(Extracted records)

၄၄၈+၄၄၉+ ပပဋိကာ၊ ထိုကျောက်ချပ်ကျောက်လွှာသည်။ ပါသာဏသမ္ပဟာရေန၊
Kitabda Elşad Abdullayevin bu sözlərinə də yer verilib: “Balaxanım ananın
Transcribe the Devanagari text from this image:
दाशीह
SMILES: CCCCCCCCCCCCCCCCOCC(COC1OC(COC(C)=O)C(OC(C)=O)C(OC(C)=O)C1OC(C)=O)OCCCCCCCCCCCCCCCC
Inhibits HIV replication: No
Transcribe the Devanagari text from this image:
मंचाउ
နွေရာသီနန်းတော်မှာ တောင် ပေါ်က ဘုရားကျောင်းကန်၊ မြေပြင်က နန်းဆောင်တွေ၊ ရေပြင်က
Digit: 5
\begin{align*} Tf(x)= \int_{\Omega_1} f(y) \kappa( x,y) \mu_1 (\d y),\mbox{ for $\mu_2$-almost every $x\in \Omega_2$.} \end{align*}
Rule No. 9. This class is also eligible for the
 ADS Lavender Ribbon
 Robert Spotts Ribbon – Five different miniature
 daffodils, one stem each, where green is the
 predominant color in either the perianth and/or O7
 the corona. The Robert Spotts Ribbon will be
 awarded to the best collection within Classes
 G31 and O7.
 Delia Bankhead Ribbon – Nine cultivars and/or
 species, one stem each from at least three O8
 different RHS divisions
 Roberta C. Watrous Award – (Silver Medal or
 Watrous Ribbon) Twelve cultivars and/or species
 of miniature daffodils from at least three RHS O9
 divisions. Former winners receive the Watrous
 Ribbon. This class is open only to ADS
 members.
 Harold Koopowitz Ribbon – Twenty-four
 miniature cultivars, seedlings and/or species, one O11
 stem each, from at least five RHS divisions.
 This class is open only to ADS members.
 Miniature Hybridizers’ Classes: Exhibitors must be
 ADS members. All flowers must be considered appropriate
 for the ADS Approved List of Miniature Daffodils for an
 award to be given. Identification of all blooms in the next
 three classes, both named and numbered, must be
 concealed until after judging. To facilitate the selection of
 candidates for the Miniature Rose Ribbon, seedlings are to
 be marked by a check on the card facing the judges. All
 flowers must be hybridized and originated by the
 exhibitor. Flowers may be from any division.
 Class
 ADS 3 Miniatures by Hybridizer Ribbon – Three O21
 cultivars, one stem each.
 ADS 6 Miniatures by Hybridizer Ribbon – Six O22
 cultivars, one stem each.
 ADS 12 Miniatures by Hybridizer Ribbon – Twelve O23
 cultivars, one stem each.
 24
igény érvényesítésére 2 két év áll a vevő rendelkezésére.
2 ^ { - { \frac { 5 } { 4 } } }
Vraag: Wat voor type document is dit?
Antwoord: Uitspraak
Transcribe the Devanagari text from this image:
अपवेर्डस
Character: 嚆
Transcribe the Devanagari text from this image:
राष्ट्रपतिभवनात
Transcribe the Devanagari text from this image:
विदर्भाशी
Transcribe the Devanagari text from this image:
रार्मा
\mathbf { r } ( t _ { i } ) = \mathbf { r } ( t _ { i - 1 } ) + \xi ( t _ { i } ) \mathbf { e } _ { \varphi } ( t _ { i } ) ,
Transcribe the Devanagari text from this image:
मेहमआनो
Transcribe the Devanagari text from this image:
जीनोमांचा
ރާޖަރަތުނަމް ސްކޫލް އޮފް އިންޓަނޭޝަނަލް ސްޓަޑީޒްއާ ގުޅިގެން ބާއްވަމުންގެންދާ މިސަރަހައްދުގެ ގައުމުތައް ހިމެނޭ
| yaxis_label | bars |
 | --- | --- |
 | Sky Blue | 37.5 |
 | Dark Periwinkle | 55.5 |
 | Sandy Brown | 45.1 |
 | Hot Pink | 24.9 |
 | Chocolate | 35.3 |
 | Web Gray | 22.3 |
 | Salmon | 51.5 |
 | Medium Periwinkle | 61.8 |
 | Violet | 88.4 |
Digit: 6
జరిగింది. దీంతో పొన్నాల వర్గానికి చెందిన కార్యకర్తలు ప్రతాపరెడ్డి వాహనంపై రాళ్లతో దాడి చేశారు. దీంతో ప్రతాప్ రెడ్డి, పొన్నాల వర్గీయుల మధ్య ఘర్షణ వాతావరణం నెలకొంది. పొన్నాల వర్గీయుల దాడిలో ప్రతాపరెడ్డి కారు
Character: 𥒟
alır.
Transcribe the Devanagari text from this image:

WHAT YOU WILL DO - Print precisely the lines from the one with "Character: 𥒟" through the end of the data above, adding nothing.

RESULT OF THE TASK -
Character: 𥒟
alır.
Transcribe the Devanagari text from this image:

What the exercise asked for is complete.